[Recorded data]

*** Begin section ***

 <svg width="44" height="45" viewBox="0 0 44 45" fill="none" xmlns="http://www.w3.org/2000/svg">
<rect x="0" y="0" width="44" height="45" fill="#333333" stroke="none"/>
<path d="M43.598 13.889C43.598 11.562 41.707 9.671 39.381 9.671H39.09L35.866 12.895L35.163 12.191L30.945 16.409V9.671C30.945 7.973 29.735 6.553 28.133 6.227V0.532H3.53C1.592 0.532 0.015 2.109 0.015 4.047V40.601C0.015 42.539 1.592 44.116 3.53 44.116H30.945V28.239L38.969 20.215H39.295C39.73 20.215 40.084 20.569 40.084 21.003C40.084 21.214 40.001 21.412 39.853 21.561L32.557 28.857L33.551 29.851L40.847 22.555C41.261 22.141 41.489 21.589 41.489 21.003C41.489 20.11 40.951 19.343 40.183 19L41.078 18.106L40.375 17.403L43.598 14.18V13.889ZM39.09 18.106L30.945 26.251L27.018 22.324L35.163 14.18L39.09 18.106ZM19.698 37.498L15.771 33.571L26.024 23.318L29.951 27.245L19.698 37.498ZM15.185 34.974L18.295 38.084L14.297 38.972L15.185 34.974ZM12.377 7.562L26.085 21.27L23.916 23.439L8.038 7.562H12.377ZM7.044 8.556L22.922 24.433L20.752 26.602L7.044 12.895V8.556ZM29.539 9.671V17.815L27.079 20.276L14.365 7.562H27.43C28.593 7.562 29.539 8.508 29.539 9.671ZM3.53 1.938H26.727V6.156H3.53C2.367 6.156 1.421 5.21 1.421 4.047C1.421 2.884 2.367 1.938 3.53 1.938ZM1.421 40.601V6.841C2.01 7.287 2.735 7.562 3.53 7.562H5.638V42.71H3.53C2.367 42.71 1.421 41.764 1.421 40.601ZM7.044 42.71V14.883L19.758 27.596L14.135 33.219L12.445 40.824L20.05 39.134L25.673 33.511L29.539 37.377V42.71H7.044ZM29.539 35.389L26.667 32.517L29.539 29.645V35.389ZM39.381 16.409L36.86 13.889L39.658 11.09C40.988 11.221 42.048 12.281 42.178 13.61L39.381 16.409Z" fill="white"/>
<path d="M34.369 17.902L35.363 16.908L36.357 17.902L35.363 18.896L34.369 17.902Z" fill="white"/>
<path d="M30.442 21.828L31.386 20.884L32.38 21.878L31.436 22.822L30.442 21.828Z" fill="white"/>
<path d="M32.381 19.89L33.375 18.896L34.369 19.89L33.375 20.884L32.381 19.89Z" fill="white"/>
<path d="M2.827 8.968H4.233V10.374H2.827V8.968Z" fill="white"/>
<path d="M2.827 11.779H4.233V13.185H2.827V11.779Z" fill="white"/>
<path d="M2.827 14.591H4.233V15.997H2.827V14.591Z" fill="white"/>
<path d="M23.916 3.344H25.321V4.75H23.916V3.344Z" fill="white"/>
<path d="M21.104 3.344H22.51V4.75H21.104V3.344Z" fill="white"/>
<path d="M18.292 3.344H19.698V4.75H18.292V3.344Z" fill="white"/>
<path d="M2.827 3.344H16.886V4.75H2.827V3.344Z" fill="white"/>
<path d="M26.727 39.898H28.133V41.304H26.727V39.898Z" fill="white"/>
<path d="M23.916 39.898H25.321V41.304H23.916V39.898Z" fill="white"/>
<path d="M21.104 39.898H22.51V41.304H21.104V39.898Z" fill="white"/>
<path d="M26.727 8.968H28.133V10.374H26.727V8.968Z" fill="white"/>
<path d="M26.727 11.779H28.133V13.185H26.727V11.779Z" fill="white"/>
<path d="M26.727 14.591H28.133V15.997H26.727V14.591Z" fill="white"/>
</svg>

*** End section ***

**Problem:** Only the lines of the data holding the string "none" are wanted; copy each of them.

**The completed task:**
 <svg width="44" height="45" viewBox="0 0 44 45" fill="none" xmlns="http://www.w3.org/2000/svg">
<rect x="0" y="0" width="44" height="45" fill="#333333" stroke="none"/>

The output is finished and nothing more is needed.